:: PROBLEM STATEMENT ::
The records that follow are to be given again exactly, with their pictures omitted.

__________

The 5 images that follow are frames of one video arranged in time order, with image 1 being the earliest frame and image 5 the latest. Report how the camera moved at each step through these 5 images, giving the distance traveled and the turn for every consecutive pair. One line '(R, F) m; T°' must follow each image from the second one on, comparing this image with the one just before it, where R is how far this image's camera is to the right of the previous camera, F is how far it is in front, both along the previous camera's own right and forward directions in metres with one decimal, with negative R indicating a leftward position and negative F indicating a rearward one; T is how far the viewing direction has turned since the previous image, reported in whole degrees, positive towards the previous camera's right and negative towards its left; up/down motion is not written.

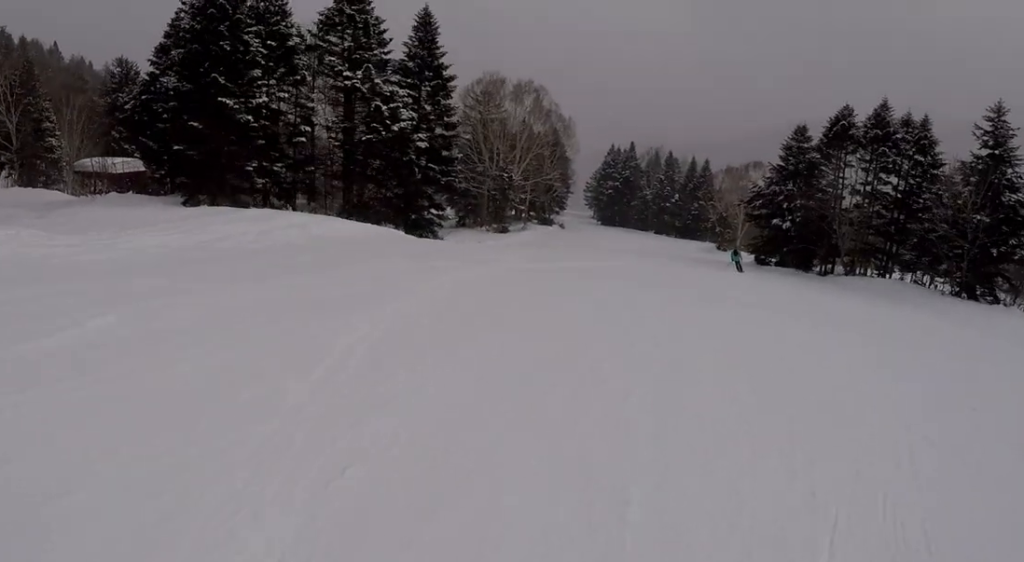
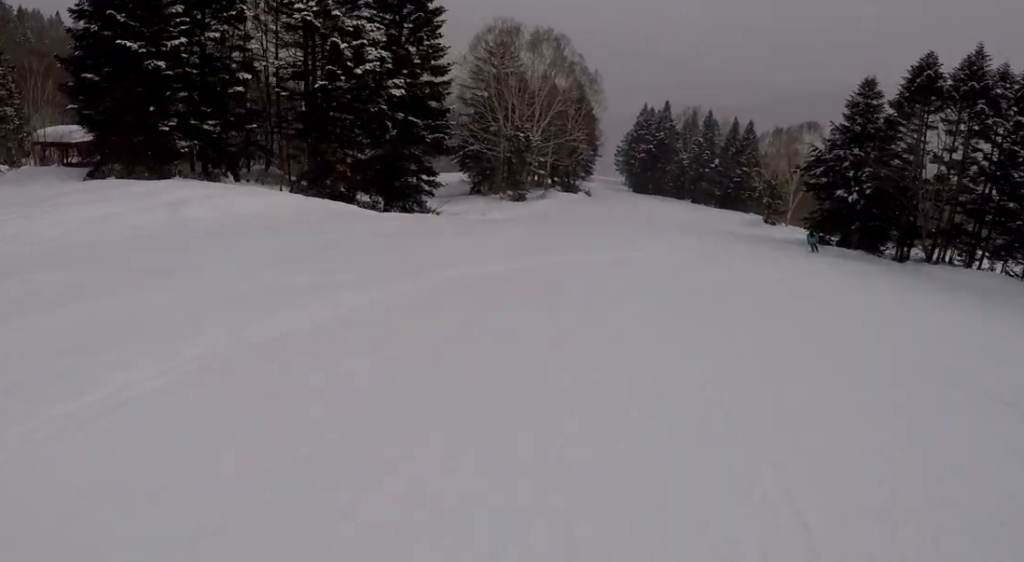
(-0.1, +8.6) m; 0°
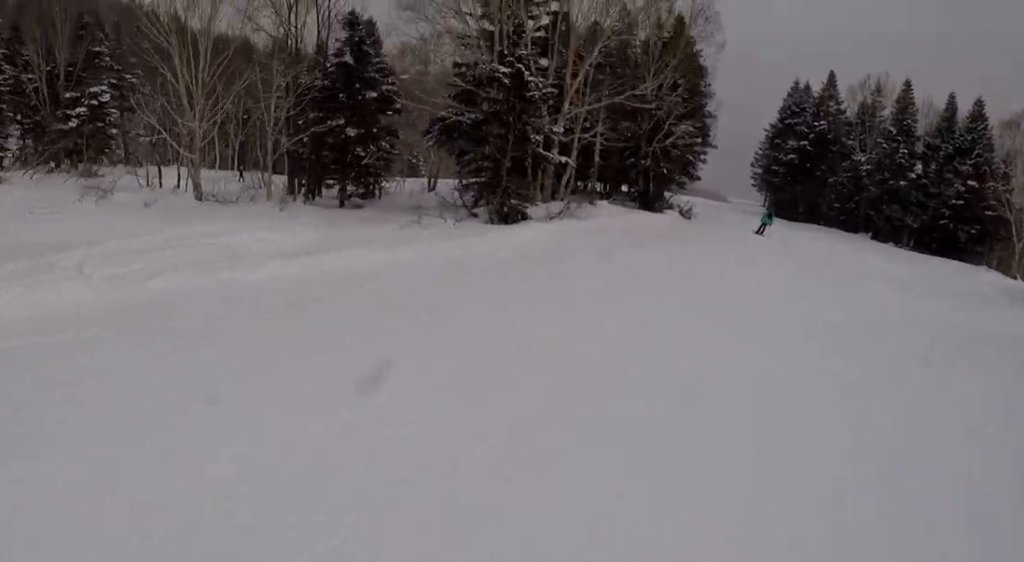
(-1.3, +37.0) m; -6°
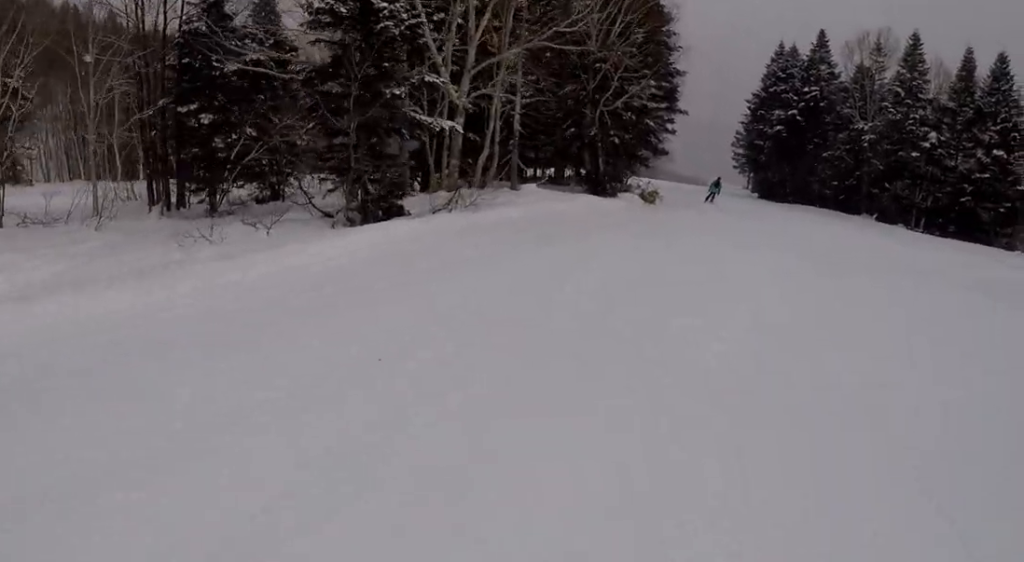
(0.0, +9.8) m; 0°
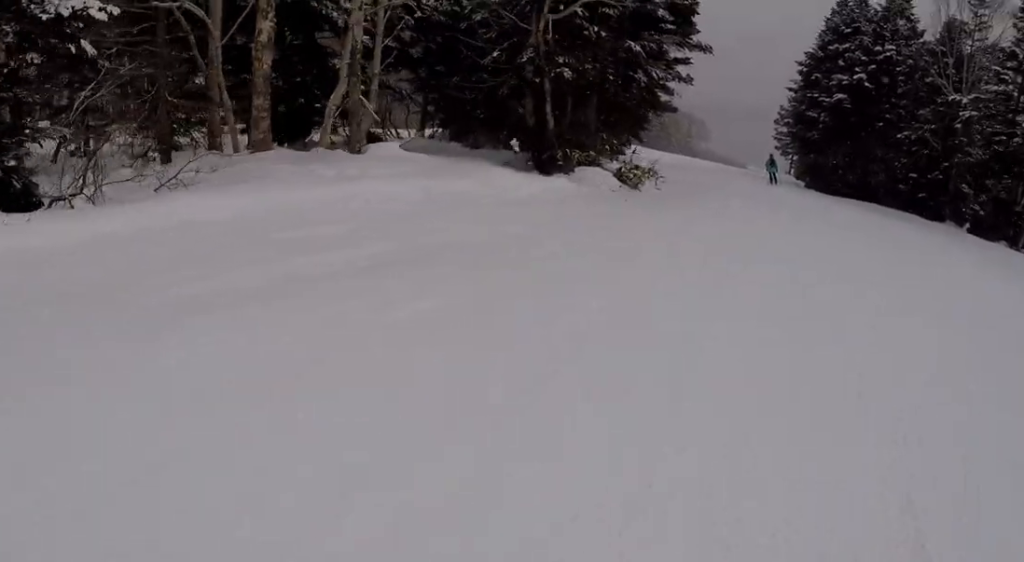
(0.0, +12.9) m; +1°
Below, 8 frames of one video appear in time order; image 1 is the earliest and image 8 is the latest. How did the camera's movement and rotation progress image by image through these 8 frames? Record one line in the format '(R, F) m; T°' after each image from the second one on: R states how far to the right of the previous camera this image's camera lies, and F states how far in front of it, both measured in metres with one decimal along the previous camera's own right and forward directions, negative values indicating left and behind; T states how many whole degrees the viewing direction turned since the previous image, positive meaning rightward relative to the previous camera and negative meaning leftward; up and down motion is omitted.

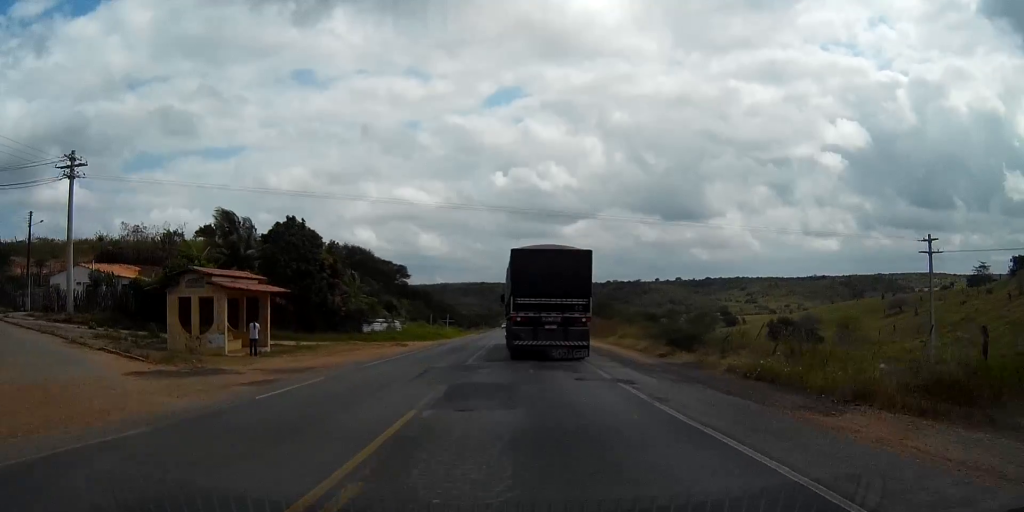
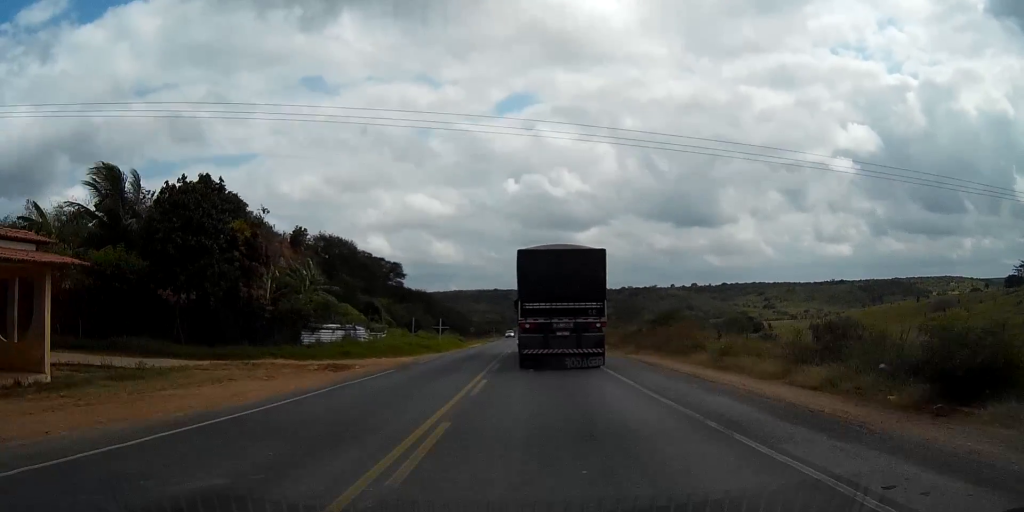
(0.0, +20.1) m; 0°
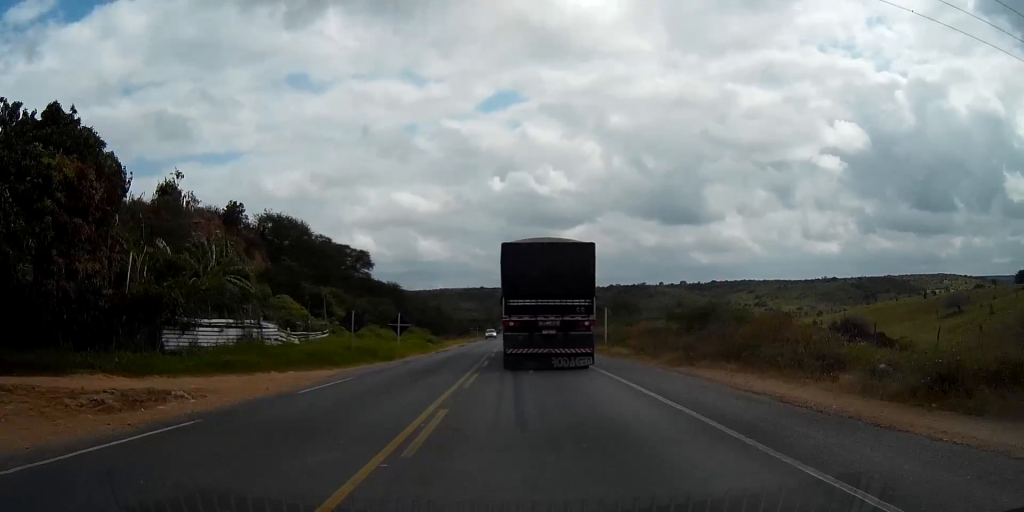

__________

:: RESULT BELOW ::
The 5 images that follow are frames of one video arranged in time order, with image 1 being the earliest frame and image 5 the latest. Report how the camera moved at each step through these 5 images, giving the distance traveled and the turn for every consecutive pair. One line '(R, F) m; T°' must follow each image from the second one on, comparing this image with the one just before it, where R is how far this image's camera is to the right of the previous camera, F is how far it is in front, both along the previous camera's own right and forward directions in metres with one decimal, with negative R indicating a leftward position and negative F indicating a rearward one; T is how far the viewing direction has turned since the previous image, reported in whole degrees, positive towards the previous camera's right and negative towards its left; up/down motion is not written.

(-0.1, +8.6) m; 0°
(-1.3, +37.0) m; -6°
(0.0, +9.8) m; 0°
(0.0, +12.9) m; +1°
Below, 8 frames of one video appear in time order; image 1 is the earliest and image 8 is the latest. How did the camera's movement and rotation progress image by image through these 8 frames? Record one line in the format '(R, F) m; T°' after each image from the second one on: R states how far to the right of the previous camera this image's camera lies, and F states how far in front of it, both measured in metres with one decimal along the previous camera's own right and forward directions, negative values indicating left and behind; T states how many whole degrees the viewing direction turned since the previous image, positive meaning rightward relative to the previous camera and negative meaning leftward; up and down motion is omitted.

(0.0, +20.1) m; 0°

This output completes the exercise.